The OES Bureau spearheads our whole-of-government engagement on global efforts to combat the pandemic and counter future health threats. This includes the U.S. commitment to provide COVID-19 vaccines to countries with the greatest need and with no political strings attached. Moreover, through the One Arctic, One Health initiative, we work with Canada, Finland, Kingdom of Denmark, and Indigenous groups in Alaska and across the Arctic to bolster cooperation in the face of emerging infectious diseases and natural disasters, helping people survive and thrive in the face of rapid social and environmental changes.

And thanks to President Biden’s recent announcement of $102 million to support the U.S.-ASEAN Strategic Partnership, including more than $40 million intended for Health initiatives in Southeast Asia, we will support hospitals in the region to better detect and contain infectious diseases and provide grants for infectious disease research partnerships between U.S. and early career scientists there, including grants focused on gender equity. In the Pacific, we are working with Islander-led organizations to establish climate-based early warning systems for mosquito borne diseases, particularly dengue.

Similarly, we are about to embark on a global negotiation to stem the tide of plastic pollution into the ocean and environment. Much of plastic pollution – which can take centuries to degrade – ends up in the ocean. It spreads to every place (literally) on the planet, from the belly of an animal in remote Antarctica to the highest mountains in the Himalayas to the deepest trenches of the ocean. A plastic bag has an average usable life of just 12 minutes but will survive in the marine environment for thousands of years. According to the UN, the world produces about 300 million tons of plastic waste each year. That amount is almost as much as the combined weight of every person on the planet. We must get this global challenge under control, too. Indeed, hundreds of businesses and consumers everywhere have called on UN member states to develop a global agreement on plastic pollution, and we hope to help lead that effort when it begins next month.

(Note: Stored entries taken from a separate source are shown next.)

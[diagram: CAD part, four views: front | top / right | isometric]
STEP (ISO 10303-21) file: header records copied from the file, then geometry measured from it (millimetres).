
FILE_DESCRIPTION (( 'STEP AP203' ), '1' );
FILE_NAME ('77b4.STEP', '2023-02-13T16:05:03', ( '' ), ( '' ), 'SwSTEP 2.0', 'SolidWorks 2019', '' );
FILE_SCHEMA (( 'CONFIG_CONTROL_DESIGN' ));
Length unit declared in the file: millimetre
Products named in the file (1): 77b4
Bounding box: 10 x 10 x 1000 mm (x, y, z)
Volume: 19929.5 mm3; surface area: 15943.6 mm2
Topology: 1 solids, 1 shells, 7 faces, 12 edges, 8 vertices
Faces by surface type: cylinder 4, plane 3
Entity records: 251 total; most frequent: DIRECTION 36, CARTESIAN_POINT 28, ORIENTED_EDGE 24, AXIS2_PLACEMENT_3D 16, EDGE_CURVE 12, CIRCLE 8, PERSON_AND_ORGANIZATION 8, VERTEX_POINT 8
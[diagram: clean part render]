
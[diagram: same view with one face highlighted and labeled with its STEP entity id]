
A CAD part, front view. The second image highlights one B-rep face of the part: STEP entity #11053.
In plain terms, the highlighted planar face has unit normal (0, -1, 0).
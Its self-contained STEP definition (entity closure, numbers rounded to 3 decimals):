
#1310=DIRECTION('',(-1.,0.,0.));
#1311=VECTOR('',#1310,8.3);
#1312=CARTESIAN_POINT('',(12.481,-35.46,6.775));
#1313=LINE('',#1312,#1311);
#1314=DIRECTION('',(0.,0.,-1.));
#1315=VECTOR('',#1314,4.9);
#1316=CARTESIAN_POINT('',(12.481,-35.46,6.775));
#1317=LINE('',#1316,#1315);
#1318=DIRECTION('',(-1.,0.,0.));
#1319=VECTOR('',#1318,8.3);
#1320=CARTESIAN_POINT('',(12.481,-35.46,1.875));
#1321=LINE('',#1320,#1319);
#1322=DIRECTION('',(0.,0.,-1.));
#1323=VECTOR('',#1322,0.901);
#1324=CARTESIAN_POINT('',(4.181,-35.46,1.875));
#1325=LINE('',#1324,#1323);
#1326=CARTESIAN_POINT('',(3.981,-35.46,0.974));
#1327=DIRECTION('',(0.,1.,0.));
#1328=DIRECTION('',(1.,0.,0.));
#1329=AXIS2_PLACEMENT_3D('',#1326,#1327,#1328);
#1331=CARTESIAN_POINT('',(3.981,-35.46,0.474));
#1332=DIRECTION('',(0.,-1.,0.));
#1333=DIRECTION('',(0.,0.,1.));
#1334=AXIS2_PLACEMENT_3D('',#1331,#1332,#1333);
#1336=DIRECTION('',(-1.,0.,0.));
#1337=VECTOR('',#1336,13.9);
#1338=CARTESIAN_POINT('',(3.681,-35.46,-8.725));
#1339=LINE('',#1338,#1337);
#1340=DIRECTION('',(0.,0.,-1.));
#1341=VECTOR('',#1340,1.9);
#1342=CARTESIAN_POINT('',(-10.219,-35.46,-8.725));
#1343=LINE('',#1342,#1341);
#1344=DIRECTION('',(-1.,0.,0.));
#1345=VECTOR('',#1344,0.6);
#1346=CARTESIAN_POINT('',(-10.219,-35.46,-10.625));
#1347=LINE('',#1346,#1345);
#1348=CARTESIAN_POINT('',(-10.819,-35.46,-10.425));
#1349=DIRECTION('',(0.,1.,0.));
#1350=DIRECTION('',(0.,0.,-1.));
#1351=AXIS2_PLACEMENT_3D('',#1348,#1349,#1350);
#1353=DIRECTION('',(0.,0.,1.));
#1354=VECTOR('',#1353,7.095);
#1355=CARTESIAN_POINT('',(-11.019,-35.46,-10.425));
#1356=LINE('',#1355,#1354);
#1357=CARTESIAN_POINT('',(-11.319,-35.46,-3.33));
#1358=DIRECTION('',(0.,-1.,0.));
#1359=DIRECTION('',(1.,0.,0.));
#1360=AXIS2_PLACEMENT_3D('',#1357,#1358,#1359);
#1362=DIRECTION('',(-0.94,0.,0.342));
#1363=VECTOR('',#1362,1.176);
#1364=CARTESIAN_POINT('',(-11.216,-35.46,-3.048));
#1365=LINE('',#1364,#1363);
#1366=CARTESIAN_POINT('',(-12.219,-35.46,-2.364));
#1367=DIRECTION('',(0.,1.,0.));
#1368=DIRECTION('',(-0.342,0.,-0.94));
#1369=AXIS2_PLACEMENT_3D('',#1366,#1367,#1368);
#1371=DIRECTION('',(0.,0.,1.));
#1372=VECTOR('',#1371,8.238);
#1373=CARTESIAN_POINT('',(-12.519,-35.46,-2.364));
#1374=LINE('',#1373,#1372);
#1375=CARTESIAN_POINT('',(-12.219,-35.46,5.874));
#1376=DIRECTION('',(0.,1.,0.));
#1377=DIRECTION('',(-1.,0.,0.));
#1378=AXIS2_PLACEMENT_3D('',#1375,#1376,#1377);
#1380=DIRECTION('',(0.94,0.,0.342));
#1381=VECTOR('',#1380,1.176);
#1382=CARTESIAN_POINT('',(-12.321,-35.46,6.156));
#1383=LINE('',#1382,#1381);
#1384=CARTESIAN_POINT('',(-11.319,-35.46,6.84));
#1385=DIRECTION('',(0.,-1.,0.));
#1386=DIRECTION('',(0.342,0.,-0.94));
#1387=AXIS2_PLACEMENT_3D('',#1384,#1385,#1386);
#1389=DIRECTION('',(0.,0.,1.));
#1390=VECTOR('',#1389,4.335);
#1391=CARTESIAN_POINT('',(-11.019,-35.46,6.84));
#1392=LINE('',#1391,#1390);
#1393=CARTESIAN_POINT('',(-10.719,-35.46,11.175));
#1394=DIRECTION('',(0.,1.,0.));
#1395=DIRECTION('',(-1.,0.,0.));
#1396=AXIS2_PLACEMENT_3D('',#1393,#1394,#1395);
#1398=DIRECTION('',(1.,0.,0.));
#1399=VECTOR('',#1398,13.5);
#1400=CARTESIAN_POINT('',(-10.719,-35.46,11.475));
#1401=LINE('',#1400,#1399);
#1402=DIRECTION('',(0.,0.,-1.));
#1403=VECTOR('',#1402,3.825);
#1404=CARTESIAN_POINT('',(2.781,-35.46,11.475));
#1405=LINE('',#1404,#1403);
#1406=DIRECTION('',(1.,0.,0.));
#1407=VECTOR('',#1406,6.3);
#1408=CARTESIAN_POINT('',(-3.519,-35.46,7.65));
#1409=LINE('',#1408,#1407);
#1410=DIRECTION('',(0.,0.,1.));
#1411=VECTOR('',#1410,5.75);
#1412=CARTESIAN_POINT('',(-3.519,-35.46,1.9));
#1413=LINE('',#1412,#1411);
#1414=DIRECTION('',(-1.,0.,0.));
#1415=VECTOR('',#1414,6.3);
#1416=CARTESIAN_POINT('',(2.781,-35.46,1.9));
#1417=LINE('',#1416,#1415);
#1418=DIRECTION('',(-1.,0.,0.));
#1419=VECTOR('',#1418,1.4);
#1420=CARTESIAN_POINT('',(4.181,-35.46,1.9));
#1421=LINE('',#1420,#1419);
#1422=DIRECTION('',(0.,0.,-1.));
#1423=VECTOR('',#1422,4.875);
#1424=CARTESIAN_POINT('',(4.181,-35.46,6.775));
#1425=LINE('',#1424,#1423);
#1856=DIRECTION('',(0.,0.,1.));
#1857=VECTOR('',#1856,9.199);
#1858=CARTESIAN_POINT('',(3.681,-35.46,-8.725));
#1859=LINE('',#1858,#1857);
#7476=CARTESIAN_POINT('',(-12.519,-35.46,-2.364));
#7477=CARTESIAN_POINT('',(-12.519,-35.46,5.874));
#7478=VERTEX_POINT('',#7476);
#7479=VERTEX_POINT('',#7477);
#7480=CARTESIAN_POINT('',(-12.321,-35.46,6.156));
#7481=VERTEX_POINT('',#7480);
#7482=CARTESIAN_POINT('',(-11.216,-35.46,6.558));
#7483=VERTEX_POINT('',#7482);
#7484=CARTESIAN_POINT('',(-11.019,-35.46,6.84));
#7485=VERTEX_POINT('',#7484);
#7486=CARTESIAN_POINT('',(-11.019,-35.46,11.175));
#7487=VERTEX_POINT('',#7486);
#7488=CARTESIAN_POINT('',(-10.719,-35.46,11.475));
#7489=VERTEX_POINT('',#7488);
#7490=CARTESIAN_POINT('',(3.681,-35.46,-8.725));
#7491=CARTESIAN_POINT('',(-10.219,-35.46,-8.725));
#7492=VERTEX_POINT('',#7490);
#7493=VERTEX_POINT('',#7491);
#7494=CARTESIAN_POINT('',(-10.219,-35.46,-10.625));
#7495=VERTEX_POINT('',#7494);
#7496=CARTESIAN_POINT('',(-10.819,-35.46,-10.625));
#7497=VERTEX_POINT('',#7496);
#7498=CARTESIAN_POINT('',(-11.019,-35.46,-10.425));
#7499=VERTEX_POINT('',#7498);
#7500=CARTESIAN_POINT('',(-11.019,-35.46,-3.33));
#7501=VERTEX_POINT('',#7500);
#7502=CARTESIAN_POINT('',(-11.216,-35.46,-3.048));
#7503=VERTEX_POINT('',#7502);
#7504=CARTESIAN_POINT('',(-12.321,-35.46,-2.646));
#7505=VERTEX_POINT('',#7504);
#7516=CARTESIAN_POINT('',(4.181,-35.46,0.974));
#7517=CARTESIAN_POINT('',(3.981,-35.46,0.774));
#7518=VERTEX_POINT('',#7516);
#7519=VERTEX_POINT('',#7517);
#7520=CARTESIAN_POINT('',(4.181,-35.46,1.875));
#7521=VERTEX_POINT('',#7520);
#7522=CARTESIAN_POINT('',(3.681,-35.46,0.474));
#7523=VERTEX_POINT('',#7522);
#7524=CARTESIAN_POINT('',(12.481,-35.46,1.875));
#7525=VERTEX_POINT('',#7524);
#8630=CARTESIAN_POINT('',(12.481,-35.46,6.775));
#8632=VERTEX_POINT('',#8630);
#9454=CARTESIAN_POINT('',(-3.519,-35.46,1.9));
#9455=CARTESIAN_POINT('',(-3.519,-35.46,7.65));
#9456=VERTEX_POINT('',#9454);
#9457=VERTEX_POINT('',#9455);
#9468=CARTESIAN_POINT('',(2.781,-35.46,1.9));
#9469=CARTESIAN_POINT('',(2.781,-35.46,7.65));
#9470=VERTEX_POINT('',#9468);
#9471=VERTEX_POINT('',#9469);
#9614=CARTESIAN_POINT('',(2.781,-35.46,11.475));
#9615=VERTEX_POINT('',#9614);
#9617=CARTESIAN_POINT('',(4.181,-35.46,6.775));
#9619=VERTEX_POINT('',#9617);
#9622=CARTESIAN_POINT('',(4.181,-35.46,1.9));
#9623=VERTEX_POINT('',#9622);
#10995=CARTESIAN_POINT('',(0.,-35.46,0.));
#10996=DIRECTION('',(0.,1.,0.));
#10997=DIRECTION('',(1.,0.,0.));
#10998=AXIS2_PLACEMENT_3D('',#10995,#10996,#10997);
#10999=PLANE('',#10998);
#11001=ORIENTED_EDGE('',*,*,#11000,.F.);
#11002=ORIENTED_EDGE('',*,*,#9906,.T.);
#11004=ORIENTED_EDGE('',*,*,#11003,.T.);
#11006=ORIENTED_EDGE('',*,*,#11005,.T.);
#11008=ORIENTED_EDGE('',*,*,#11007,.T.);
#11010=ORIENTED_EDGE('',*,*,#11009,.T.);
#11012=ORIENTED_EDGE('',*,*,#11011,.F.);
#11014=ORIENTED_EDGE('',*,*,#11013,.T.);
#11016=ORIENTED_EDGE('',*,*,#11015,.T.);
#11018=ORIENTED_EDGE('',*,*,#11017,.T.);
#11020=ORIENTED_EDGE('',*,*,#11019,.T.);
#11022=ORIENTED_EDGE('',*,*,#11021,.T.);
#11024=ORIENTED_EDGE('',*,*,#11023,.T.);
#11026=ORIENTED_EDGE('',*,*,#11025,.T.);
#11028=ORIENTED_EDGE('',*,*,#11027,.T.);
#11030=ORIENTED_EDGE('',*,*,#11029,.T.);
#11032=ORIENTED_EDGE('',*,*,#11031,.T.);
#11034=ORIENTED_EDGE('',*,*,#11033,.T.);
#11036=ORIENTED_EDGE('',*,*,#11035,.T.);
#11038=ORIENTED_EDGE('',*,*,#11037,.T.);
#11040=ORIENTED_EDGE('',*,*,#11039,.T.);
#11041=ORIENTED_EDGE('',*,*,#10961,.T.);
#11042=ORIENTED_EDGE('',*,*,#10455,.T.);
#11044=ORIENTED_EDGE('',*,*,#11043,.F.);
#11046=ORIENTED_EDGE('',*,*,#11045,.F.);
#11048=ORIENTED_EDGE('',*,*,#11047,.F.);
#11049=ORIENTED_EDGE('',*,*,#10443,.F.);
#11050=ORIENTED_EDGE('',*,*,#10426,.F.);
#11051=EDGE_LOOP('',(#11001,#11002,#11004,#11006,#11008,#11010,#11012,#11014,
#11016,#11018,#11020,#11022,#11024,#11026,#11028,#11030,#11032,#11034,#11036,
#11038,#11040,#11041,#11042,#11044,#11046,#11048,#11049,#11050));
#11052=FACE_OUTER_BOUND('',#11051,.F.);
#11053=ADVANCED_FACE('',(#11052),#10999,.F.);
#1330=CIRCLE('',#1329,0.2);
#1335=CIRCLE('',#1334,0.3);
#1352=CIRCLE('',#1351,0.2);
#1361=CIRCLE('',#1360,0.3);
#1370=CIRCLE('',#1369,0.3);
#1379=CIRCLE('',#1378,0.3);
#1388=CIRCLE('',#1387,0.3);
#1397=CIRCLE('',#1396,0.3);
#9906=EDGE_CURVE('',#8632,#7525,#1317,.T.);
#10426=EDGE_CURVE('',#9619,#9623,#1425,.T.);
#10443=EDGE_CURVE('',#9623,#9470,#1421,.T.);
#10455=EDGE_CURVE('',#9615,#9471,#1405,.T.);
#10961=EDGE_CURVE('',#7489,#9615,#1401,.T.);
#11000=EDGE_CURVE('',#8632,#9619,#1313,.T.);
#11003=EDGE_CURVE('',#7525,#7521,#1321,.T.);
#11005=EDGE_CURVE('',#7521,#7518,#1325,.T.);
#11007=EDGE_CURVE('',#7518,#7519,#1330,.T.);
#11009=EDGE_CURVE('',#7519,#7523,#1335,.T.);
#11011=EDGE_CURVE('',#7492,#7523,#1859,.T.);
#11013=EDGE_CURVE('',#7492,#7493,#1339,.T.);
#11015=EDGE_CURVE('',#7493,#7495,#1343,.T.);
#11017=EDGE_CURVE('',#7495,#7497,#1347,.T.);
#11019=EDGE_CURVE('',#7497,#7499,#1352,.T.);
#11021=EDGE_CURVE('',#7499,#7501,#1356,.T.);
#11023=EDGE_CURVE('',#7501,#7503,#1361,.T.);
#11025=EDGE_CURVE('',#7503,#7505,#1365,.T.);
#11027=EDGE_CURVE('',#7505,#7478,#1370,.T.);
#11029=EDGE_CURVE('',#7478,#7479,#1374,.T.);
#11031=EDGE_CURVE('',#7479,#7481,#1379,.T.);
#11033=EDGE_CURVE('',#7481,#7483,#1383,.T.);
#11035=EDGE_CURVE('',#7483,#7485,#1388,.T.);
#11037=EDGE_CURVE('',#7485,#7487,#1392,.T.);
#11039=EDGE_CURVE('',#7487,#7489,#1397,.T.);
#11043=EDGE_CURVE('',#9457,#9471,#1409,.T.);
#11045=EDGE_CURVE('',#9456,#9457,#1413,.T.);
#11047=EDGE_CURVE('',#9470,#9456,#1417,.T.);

And at the global climate negotiations in Glasgow last November, U.S. negotiators helped to enhance direct engagement between Indigenous peoples and governments, including through the work of the Local Communities and Indigenous Peoples Platform. The Glasgow Climate Pact also emphasizes “the important role of indigenous peoples’ and local communities’ culture and knowledge in effective action on climate change and urges Parties to actively involve indigenous peoples and local communities in designing and implementing climate action.” And yet, there is so much more to do to make good on our commitment to working with Indigenous peoples to address the climate crisis.  OES is committed to this work.

To live up to Dr. King’s vision, the OES Bureau will use every international meeting and forum – like the Our Ocean Conference in April, the UN Environment Assembly, and the Summit of the Americas – to create new alliances, modernize old ones, and broaden global coalitions to conserve and restore nature to provide a healthier future for all.

Only through uniting the diversity of global voices and experiences, fully understanding the existing and expanding inequities that these global challenges expose, and implementing inclusive solutions, can we overcome our interrelated existential challenges. But we shall overcome them. Together.